The final muddle came as Julia Black drew her programme to a close. ‘So there are the facts – no more secrets.’  ‘So I now realise that it is possible to be opposed to what abortion actually is, and still be pro-choice’, she bewilderingly declared.  ‘So the battle for and against abortion can now really begin.  Which side of the fence you fall is up to you.’  Baffling, or what?

The Dangers of My Foetus
While it may be true that the majority of people in Britain currently support so-called ‘abortion on demand’, or ‘the free supply of abortion’, it is certainly also true that the majority have not thought much about the issue – in other words, they are lazy liberals.  They are either in ignorance or denial, simply because these are easier positions to hold – easier than having to confront the realities of the issue.  And we should know, because we were once among them!

Consequently, there is a huge danger in a programme like this.  Julia Black believed that she ‘would engage with the reality’, but instead she used her programme to deny that very reality.  Now that the British public has actually seen an abortion, there can be nothing more to see, or say, about the subject, can there?  But what really has happened is that the British public has seen only a version of abortion.

‘Woe to those who call evil good …’ [Isaiah 5: 20].  When wickedness is depicted as praiseworthy, we are in deep, deep trouble.  The frightening outcome is that we can be shocked one minute, and then anaesthetised to it the next.  Now we have all seen an actual abortion (and for many that will be memorably abhorrent), what now?  Where can reality TV go next?  It cannot be euthanasia, because that was shown on British TV in Death on Request, way back in 1995.  It will surely have to be infanticide, the killing of a newborn.
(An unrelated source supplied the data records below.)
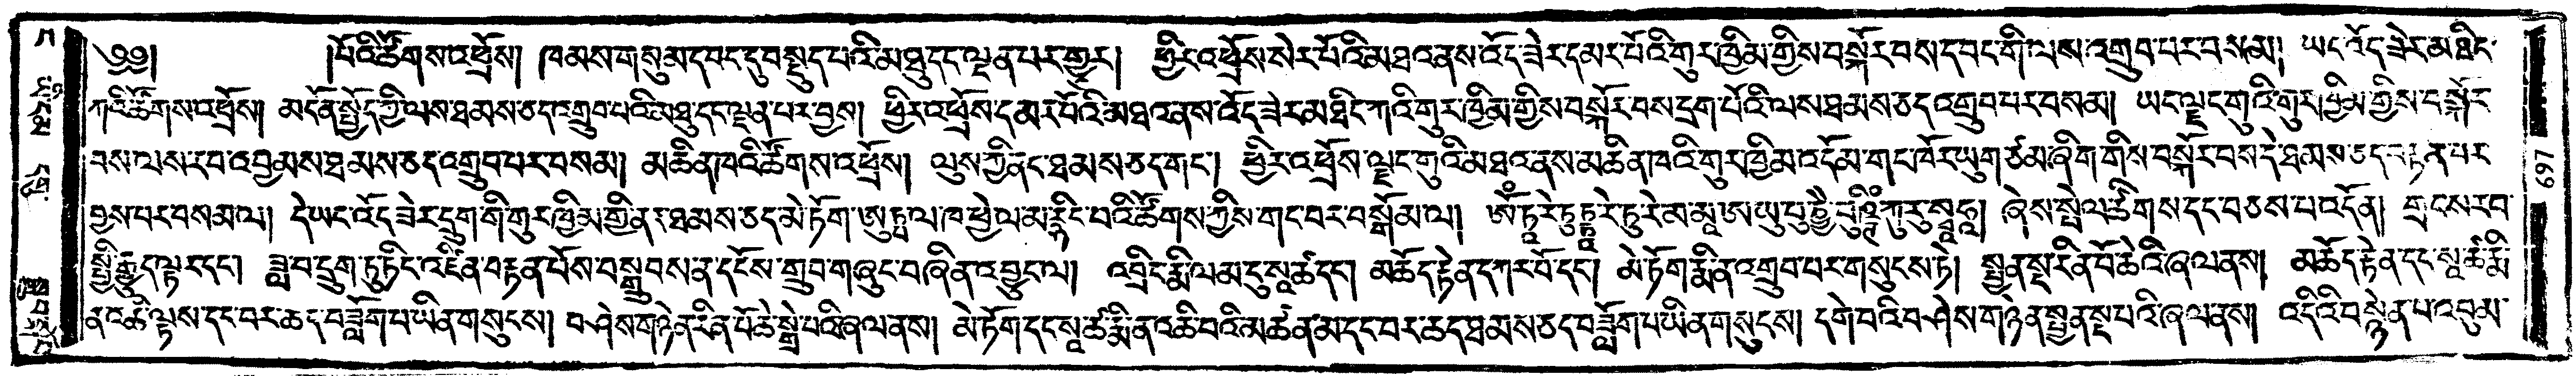༄༅། །པོའི་ཚོགས་འཕྲོས། ཁམས་གསུམ་དབང་དུ་བསྡུད་པའི་མཐུ་དང་ལྡན་པར་གྱུར། ཕྱིར་འཕྲོས་སེར་པོའི་མཐའ་ནས་འོད་ཟེར་དམར་པོའི་གུར་ཁྱིམ་གྱིས་བསྐོར་བས་དབང་གི་ལས་འགྲུབ་པར་བསམ། ཡང་འོད་ཟེར་མཐིང་
ཀའི་ཚོགས་འཕྲོས། མངོན་སྤྱོད་ཀྱི་ལས་ཐམས་ཅད་འགྲུབ་པའི་མཐུ་དང་ལྡན་པར་བྱས། ཕྱིར་འཕྲོས་དམར་པོའི་མཐའ་ནས་འོད་ཟེར་མཐིང་ཀའི་གུར་ཁྱིམ་གྱིས་བསྐོར་བས་དྲག་པོའི་ལས་ཐམས་ཅད་འགྲུབ་པར་བསམ། ཡང་ལྗང་གུའི་གུར་ཁྱིམ་གྱིས་བསྐོར་
བས་ལས་རབ་འབྱམས་ཐམས་ཅད་འགྲུབ་པར་བསམ། མཆིན་ཁའི་ཚོགས་འཕྲོས། ལུས་ཀྱི་ནང་ཐམས་ཅད་གང་། ཕྱིར་འཕྲོས་ལྗང་གུའི་མཐའ་ནས་མཆིན་ཁའི་གུར་ཁྱིམ་འདོམ་གང་ཁོར་ཡུག་ཙམ་ཞིག་གིས་བསྐོར་བས་དེ་ཐམས་ཅད་བརྟན་པར་
བྱས་པར་བསམ་ལ། དེ་ཡང་འོད་ཟེར་དྲུག་གི་གུར་ཁྱིམ་གྱི་ནར་ཐམས་ཅད་མེ་ཏོག་ཨུཏྤལ་ཁ་ཕྱེ་ལ་མ་རྙིང་པའི་ཚོགས་ཀྱིས་གང་བར་བསྒོམ་ལ། ཨོཾ་ཏཱ་རེ་ཏུ་ཏྟཱ་རེ་ཏུ་རེ་མ་མཱ་ཨ་ཡུ་པུཥིཾཊ་ཀུ་རུ་སྭཱཧཱ། ཞེས་སྤེལ་ཚིགས་དང་བཅས་པ་འདོན། གྲངས་རབ་
སྤྱི་རྒྱུད་ལྟར་དང་། ཟླ་པ་དྲུག་ཏུ་ཏིང་འཛིན་བརྟན་པོས་བསྒྲུབས་ན་དངོས་གྲུབ་གཞུང་བཞིན་འབྱུང་ལ། འབྲིང་རྨི་ལམ་དུ་སཱ་ཚ་དང་། མཆོད་རྟེན་དཀར་པོ་དང་། མེ་ཏོག་རྨིན་འགྲུབ་བར་གསུངས་ཏེ། སྤྱན་སྔ་རིན་པོ་ཆེའི་ཞལ་ནས། མཆོད་རྟེན་དང་སཱ་ཆེ་རྨི་
ན་འཆི་ལྟས་དང་བར་ཆད་བཟློག་པ་ཡིན་གསུངས། བཤེས་གཉེན་རིན་པོ་ཆེ་སྒྲེ་པའི་ཞལ་ནས། མེ་ཏོག་དང་སཱ་ཚ་རྨིན་འཆི་བའི་མཚན་མ་དང་བར་ཆད་ཐམས་ཅད་བཟློག་པ་ཡིན་གསུངས། དགེ་བའི་བཤེས་གཉེན་སྤྱན་སྡ་པའི་ཞལ་ནས། འདིའི་བསྙེན་པ་འབུམ་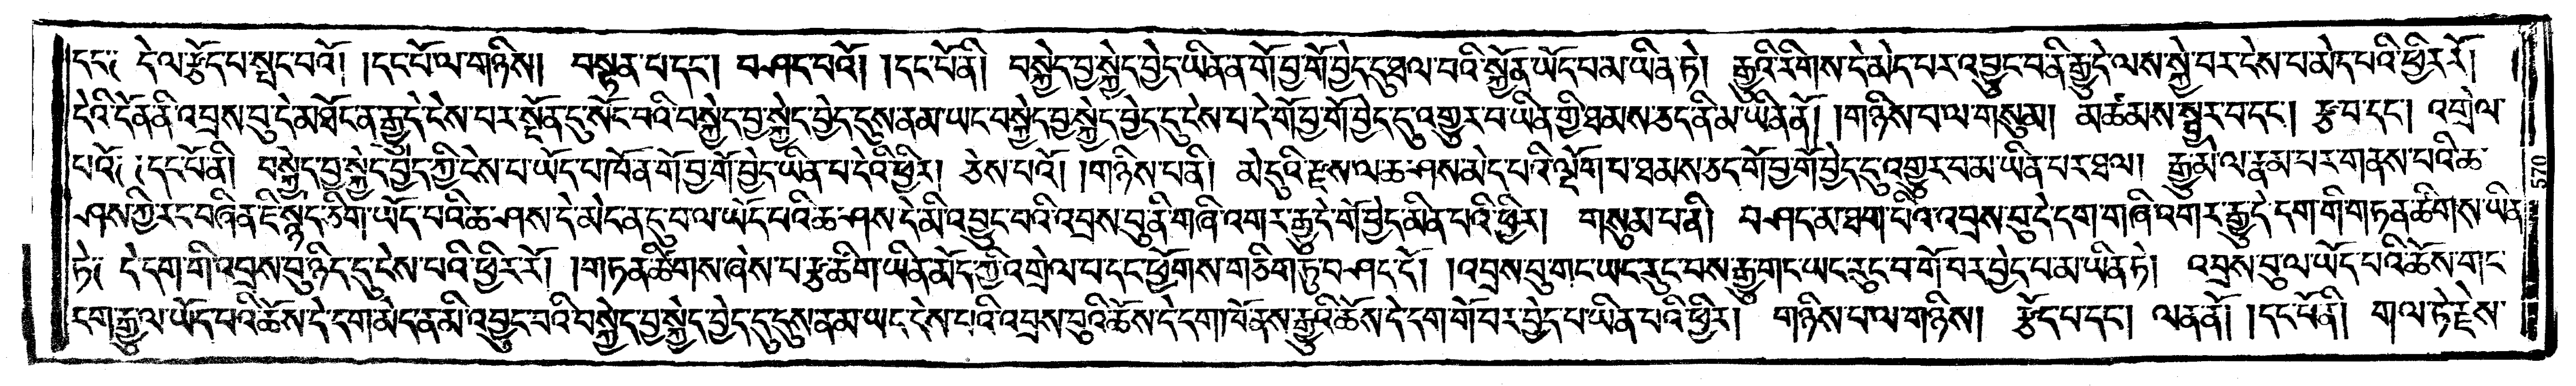དང་། དེ་ལ་རྩོད་པ་སྤང་བའོ། །དང་པོ་ལ་གཉིས། བསྟན་པ་དང་། བཤད་པའོ། །དང་པོ་ནི། བསྐྱེད་བྱ་སྐྱེད་བྱེད་ཡིན་ན་གོ་བྱ་གོ་བྱེད་དུ་ཐལ་བའི་སྐྱོན་ཡོད་པ་མ་ཡིན་ཏེ། རྒྱུའི་རིགས་དེ་མེད་པར་འབྱུང་བ་ནི་རྒྱུ་དེ་ལས་སྐྱེ་བར་ངེས་པ་མེད་པའི་ཕྱིར་རོ།
དེའི་དོན་ནི་འབྲས་བུ་དེ་མཐོང་ན་རྒྱུ་དེ་ངེས་པར་སྔོན་དུ་སོང་བའི་བསྐྱེད་བྱ་སྐྱེད་བྱེད་དུས་ནམ་ཡང་བསྐྱེད་བྱ་སྐྱེད་བྱེད་དུ་ངེས་པ་དེ་གོ་བྱ་གོ་བྱེད་དུ་འགྱུར་བ་ཡིན་གྱི་ཐམས་ཅད་ནི་མ་ཡིན་ནོ། །གཉིས་པ་ལ་གསུམ། མཚམས་སྦྱར་བ་དང་། རྩ་བ་དང་། འགྲེལ་
པའོ། །དང་པོ་ནི། བསྐྱེད་བྱ་སྐྱེད་བྱེད་ཀྱི་ངེས་པ་ཡོད་པ་ཁོ་ན་གོ་བྱ་གོ་བྱེད་ཡིན་པ་དེའི་ཕྱིར། ཅེས་པའོ། །གཉིས་པ་ནི། མེ་དུའི་རྫས་ལ་ཆ་ཤས་མེད་པའི་ལྡོག་པ་ཐམས་ཅད་གོ་བྱ་གོ་བྱེད་དུ་འགྱུར་བ་མ་ཡིན་པར་ཐལ། རྒྱུ་མེ་ལ་རྣམ་པར་གནས་པའི་ཆ་
ཤས་ཀྱི་རང་བཞིན་ཇི་སྙེད་ཅིག་ཡོད་པའི་ཆ་ཤས་དེ་མེད་ན་དུ་བ་ལ་ཡོད་པའི་ཆ་ཤས་དེ་མི་འབྱུང་བའི་འབྲས་བུ་ནི་གཞི་འགར་རྒྱུ་དེ་གོ་བྱེད་མིན་པའི་ཕྱིར། གསུམ་པ་ནི། བཤད་མ་ཐག་པའི་འབྲས་བུ་དེ་དག་གཞི་འགར་རྒྱུ་དེ་དག་གི་གཏན་ཚིགས་ཡིན་
ཏེ། དེ་དག་གི་འབྲས་བུ་ཉིད་དུ་ངེས་པའི་ཕྱིར་རོ། །གཏན་ཚིགས་ཞེས་པ་རྩ་ཚིག་ཡིན་མོད་ཀྱི་འགྲེལ་པ་དང་ཕྱོགས་གཅིག་ཏུ་བཤད་དོ། །འབྲས་བུ་གང་ཡང་རུང་བས་རྒྱུ་གང་ཡང་རུང་བ་གོ་བར་བྱེད་པ་མ་ཡིན་ཏེ། འབྲས་བུ་ལ་ཡོད་པའི་ཆོས་གང་
དག་རྒྱུ་ལ་ཡོད་པའི་ཆོས་དེ་དག་མེད་ན་མི་འབྱུང་བའི་བསྐྱེད་བྱ་སྐྱེད་བྱེད་དུ་དུས་ནམ་ཡང་ངེས་པའི་འབྲས་བུའི་ཆོས་དེ་དག་ཁོ་ནས་རྒྱུའི་ཆོས་དེ་དག་གོ་བར་བྱེད་པ་ཡིན་པའི་ཕྱིར། གཉིས་པ་ལ་གཉིས། རྩོད་པ་དང་། ལན་ནོ། །དང་པོ་ནི། གལ་ཏེ་རྗེས་

Yes, My Foetus probably did shock some viewers, but by now most of those pricked consciences will be seared (again) and will remain so.  Unless ….. unless we continue to speak up and argue the pro-life case … unless we present the truth, powerfully yet winsomely … unless we care for the would-be clients and victims of abortion … unless we seek to reawaken the consciences of those TV viewers, and all the other men and women who bear the imago Dei.